To rule out the detrimental effect of protein overload on podocytes, we estimated the percentage of dead cells at 24, 48 and 72 hours after incubation with BSA (range 10 µg/ml–30 mg/ml). We found no significant increase in necrosis and/or apoptotic events at any of the times and concentrations tested (Supplementary Figure S1A). Nor was there any apparent effect on the podocyte-specific marker podocin after BSA treatment, indicating that protein overload did not affect cellular differentiation (Supplementary Figure S1B).

In agreement with immunostaining results, gene expression analysis confirmed the presence of LRP2, CUBN, CLCN5, AMN and DAB2 in standard conditions. Incubating podocytes with increasing concentrations of albumin, we found a significant upregulation in CUBN and AMN expression, especially at the highest BSA concentrations (10 and 30 mg/ml) (P < 0.01), which did not give rise to any increase in protein levels (Fig. 4A,B and F,G). ClC-5 gene and protein expression were significantly increased (P < 0.01 and P < 0.05 respectively) after chronic (48–72 hours) protein overload (10 and 30 mg/ml) (Fig. 4C and H). BSA exposure did not modulate Dab2 or megalin, at either mRNA or protein levels (Fig. 4D,E and I,J).

Figure 4.

Figure 4

Protein overload modulates the expression of the CUBAM complex. Gene expression analysis of the macromolecular system showed an increase in CUBN (A), AMN (B)and CLCN5 (C) genes. Data are given as the geometrical average ± SE of three independent experiments in duplicate. nRQ: normalized Relative Quantity. Protein expression analysis of the macromolecular system only showed an increase in ClC-5 (H) expression at the longest time and highest dose considered. Data are given as the average ± SD of four different experiments. CTRL: control cells, *P < 0.05, §P < 0.01.

Cubilin mediates albumin endocytosis in human podocytes

In order to establish whether cubilin was directly involved in albumin internalization, we inhibited the albumin binding sites on cubilin and quantified FITC-BSA internalization 2 hours after stimulation. As shown in Fig. 5, we found a significant inhibition of albumin internalization in human podocytes after immunological blocking of cubilin (P < 0.01), indicating that cubilin was involved in the uptake mechanism. However, the lack of total endocytosis process block in the presence of anti-cubilin antibody, suggests that some albumin endocytosis occurs through alternate pathways, and that the cubilin-facilitated path is not the exclusive endocytic pathway involved in albumin internalization by human podocytes.

Figure 5.

Figure 5

Cubilin is involved in albumin uptake.
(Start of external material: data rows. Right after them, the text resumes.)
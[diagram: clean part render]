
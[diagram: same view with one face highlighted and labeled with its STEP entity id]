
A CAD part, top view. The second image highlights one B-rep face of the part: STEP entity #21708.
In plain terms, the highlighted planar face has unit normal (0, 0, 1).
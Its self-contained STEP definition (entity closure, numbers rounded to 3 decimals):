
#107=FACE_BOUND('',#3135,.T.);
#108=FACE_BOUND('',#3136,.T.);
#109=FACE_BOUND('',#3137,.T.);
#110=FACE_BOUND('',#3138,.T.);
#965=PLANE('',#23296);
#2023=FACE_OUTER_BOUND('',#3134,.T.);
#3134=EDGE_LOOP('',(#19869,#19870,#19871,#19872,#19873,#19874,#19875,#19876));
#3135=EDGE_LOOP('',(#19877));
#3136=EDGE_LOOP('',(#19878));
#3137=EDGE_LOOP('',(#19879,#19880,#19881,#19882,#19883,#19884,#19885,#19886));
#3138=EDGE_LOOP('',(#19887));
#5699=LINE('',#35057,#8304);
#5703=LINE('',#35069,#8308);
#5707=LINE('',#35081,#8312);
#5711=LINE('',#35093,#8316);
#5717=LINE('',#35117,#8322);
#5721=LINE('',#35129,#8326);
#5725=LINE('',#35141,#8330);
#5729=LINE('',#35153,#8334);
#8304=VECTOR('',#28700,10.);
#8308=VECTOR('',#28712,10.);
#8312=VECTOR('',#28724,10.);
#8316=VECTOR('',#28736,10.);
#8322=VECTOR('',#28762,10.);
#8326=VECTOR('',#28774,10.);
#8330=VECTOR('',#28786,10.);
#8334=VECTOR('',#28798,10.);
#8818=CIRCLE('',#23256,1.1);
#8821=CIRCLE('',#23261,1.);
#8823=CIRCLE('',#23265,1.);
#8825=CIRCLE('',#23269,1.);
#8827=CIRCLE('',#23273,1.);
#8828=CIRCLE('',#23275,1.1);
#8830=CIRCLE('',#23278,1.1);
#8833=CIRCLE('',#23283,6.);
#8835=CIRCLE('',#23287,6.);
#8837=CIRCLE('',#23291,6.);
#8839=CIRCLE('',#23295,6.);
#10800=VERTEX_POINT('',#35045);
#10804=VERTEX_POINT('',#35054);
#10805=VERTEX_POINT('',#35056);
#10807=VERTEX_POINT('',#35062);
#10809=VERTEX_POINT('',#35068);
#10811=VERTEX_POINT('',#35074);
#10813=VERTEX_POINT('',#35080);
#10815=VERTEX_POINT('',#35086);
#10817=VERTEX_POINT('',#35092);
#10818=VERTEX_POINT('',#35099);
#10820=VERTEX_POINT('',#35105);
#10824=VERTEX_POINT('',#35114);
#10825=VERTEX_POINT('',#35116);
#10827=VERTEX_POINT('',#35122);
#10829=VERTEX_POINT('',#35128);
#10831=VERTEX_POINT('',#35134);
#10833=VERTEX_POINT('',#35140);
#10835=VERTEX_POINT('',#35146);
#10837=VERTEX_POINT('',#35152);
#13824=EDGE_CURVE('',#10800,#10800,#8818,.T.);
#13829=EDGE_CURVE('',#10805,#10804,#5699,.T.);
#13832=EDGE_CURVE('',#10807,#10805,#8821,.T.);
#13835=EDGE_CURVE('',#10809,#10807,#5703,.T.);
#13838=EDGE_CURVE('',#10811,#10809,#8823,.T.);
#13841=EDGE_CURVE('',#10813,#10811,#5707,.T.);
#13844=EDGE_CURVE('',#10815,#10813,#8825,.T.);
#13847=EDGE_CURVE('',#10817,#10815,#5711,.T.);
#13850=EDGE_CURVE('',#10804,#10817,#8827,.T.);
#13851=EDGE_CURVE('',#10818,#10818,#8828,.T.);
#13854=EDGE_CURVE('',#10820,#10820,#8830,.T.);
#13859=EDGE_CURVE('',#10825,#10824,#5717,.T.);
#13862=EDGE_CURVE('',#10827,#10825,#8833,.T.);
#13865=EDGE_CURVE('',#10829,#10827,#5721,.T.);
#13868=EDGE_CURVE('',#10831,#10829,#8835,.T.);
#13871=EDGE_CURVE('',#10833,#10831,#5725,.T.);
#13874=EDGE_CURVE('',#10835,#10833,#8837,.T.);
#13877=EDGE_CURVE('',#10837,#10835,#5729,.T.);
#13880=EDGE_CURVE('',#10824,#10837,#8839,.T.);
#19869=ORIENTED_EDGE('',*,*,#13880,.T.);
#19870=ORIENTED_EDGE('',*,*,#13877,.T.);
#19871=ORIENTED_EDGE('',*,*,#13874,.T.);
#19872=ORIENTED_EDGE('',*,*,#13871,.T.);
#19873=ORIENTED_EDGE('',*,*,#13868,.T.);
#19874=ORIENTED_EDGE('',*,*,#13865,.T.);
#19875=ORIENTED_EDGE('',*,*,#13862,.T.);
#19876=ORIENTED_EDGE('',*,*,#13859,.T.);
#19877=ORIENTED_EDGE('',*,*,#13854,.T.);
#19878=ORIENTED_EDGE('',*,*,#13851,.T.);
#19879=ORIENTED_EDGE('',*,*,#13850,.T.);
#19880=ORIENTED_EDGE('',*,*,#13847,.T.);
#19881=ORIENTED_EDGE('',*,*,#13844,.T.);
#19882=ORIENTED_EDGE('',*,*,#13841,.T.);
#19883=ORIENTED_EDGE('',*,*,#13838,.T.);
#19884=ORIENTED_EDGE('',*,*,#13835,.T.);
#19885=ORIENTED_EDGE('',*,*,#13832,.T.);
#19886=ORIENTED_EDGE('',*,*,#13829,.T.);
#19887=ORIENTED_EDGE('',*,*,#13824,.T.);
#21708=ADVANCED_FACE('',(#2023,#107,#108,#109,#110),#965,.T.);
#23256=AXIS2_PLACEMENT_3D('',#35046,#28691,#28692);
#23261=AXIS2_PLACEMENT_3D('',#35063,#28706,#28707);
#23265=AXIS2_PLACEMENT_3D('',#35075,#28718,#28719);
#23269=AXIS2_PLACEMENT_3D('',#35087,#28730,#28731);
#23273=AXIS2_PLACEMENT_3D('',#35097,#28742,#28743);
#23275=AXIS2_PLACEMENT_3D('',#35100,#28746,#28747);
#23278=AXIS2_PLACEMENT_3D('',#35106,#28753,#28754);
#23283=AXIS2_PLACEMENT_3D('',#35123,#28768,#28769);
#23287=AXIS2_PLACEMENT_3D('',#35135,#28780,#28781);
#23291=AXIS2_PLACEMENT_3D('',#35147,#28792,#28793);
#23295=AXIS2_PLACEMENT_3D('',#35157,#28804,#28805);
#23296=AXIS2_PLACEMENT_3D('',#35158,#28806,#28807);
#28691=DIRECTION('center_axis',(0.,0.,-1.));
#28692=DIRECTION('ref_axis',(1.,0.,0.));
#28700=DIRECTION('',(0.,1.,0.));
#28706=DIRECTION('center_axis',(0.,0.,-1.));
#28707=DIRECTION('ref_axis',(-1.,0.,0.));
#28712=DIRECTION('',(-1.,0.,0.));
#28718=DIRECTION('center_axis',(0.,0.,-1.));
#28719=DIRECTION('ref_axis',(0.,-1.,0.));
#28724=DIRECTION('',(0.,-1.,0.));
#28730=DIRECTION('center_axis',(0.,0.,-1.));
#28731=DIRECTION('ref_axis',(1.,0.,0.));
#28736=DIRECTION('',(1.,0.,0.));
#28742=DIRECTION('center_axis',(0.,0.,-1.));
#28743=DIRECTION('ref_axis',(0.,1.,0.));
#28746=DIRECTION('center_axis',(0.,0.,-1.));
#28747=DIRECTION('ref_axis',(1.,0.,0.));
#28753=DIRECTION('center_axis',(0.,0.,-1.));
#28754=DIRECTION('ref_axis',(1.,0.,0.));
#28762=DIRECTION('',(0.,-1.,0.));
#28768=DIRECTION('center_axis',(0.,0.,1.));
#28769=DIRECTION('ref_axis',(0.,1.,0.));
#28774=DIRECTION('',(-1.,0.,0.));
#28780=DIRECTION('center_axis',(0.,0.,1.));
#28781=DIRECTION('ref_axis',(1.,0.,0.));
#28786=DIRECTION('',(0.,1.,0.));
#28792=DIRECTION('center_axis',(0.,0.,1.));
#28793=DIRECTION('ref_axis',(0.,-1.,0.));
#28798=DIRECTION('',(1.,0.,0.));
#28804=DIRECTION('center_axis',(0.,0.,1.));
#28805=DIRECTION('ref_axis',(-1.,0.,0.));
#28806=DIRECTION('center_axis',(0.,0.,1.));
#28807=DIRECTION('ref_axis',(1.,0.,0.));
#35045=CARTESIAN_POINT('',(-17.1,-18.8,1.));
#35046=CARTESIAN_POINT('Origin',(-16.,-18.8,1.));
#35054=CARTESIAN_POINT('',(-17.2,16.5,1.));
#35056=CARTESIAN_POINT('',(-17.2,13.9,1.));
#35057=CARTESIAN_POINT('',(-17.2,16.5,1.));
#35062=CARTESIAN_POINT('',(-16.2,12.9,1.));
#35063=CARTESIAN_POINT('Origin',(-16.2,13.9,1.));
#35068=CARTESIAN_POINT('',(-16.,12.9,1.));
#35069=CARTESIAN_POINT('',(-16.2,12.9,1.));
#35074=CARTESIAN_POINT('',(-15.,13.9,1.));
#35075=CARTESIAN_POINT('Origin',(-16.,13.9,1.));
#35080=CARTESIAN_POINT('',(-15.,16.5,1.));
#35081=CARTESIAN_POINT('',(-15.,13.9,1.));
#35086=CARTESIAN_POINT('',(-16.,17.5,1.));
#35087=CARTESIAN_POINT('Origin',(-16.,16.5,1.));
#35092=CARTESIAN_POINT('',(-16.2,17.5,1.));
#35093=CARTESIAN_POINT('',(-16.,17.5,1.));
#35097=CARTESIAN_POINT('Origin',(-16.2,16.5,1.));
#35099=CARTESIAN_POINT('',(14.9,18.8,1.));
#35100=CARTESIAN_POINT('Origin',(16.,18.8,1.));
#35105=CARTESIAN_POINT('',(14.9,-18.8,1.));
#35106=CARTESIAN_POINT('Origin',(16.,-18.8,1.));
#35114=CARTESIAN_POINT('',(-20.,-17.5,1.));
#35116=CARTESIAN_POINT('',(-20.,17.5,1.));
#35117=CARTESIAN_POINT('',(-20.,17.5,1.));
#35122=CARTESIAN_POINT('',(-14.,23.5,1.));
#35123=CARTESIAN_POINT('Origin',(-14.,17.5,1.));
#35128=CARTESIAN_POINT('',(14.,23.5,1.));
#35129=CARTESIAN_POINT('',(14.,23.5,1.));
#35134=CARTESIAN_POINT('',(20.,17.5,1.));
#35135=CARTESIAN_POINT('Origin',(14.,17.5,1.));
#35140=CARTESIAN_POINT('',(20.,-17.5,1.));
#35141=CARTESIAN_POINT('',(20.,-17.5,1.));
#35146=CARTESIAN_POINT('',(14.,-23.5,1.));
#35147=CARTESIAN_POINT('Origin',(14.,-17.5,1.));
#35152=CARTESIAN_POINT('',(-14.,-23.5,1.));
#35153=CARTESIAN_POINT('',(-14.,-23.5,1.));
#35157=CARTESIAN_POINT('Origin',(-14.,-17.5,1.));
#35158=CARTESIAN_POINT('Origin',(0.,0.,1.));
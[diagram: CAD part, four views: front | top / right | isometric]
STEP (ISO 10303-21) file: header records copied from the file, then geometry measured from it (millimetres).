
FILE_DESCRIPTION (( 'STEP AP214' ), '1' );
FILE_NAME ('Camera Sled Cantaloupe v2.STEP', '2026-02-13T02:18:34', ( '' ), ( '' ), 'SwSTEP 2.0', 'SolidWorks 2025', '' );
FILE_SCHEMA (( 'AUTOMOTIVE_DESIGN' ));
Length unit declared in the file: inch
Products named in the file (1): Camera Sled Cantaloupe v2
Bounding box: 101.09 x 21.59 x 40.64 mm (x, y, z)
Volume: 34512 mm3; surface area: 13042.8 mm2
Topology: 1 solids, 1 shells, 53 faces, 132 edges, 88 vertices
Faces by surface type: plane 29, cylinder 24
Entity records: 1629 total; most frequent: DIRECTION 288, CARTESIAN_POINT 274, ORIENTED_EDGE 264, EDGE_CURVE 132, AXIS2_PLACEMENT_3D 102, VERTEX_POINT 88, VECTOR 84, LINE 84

Antibody-mediated inhibition of cubilin (white blocks) led to a significant decrease in albumin endocytosis, indicating an involvement of this receptor in the protein uptake process in mature podocytes. Data are shown as the average ± SD of two different experiments in triplicate. CTRL: control cells. *P < 0.05, §P < 0.01.

Discussion

In the present study we deep insight into albumin endocytosis in human podocytes adding new information about this mechanism. Several Authors had already demonstrated albumin uptake in cultured podocytes but using doses of albumin at least a hundred times higher (range 1.5–3 mg/ml)12,21. This is the first time the number of cells performing albumin uptake at low doses has been quantified. Our time lapse microscope strategy prevented us from using high doses of albumin, but enabled us to disclose the capacity of human podocytes to internalize albumin even at low doses. This albumin concentration can be considered as normal condition22. While previous studies were conducted in protein overload media1214, for the first time we demonstrated that human podocytes were able to internalize albumin under normal condition, suggesting that these cells are committed to protein uptake.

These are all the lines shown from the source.